PROBLEM TO WORK ON:
The entries are to be repeated exactly, with all pictures omitted.

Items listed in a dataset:
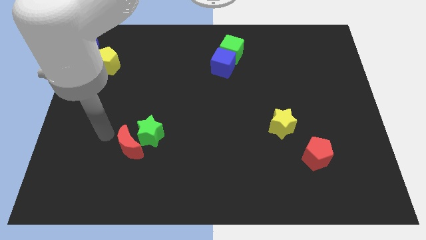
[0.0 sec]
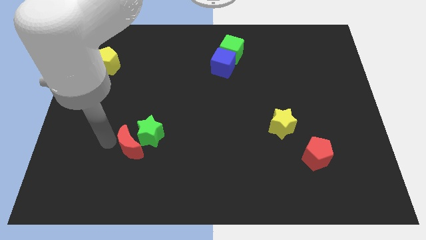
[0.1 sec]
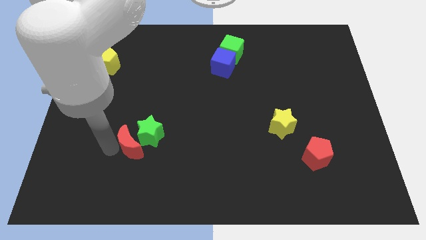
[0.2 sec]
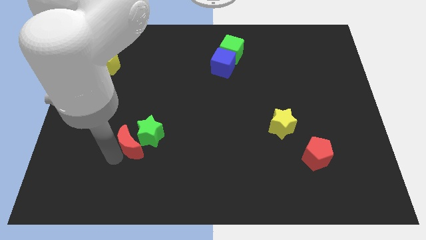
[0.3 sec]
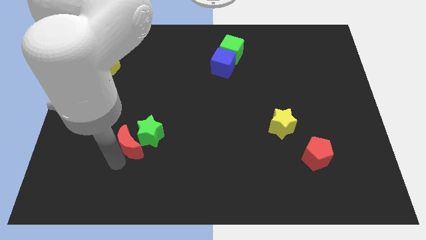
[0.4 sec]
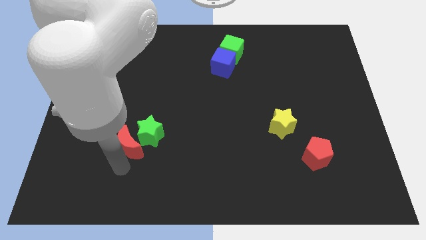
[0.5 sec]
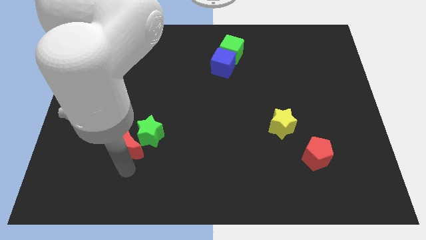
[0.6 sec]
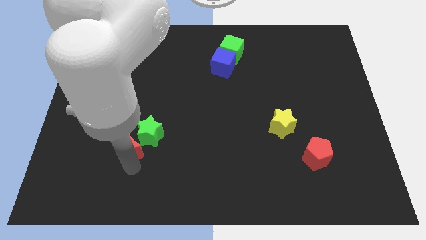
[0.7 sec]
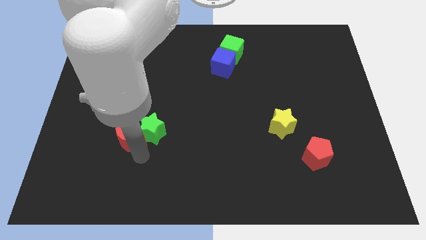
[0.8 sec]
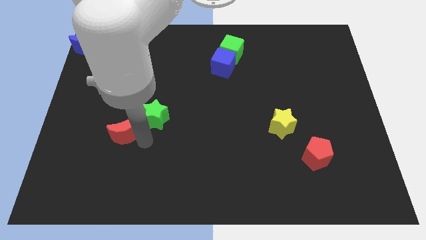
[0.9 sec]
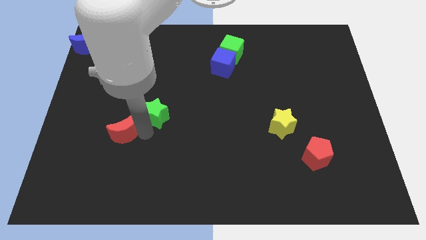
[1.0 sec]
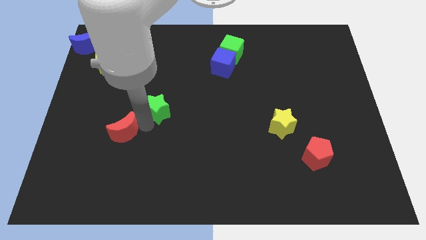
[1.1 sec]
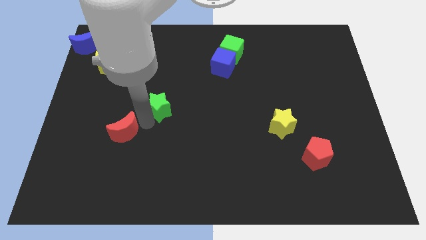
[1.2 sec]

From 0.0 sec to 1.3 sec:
separate the green star and red crescent from each other

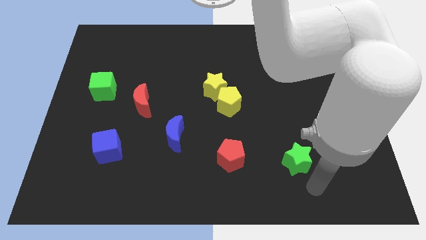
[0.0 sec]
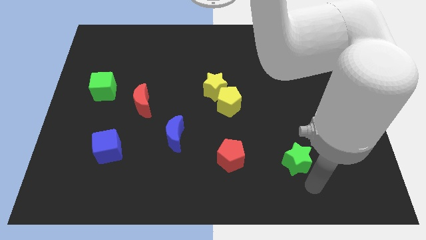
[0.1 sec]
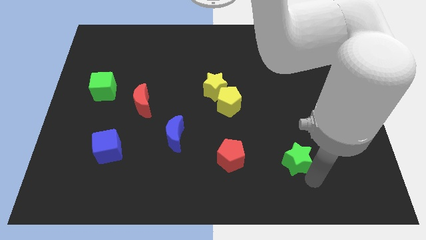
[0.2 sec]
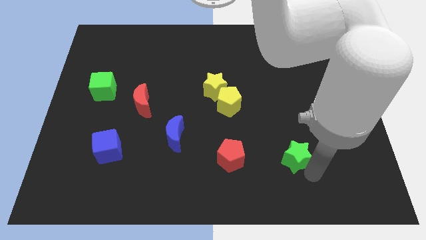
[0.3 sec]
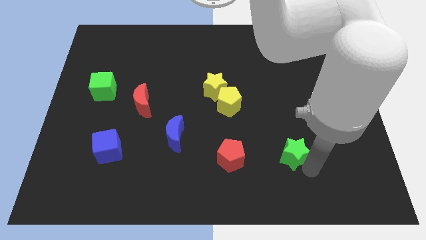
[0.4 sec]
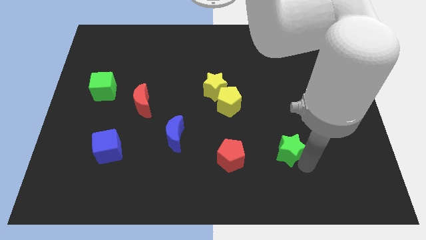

THE COMPLETED TASK:
[0.0 sec]
[0.1 sec]
[0.2 sec]
[0.3 sec]
[0.4 sec]
[0.5 sec]
[0.6 sec]
[0.7 sec]
[0.8 sec]
[0.9 sec]
[1.0 sec]
[1.1 sec]
[1.2 sec]

From 0.0 sec to 1.3 sec:
separate the green star and red crescent from each other

[0.0 sec]
[0.1 sec]
[0.2 sec]
[0.3 sec]
[0.4 sec]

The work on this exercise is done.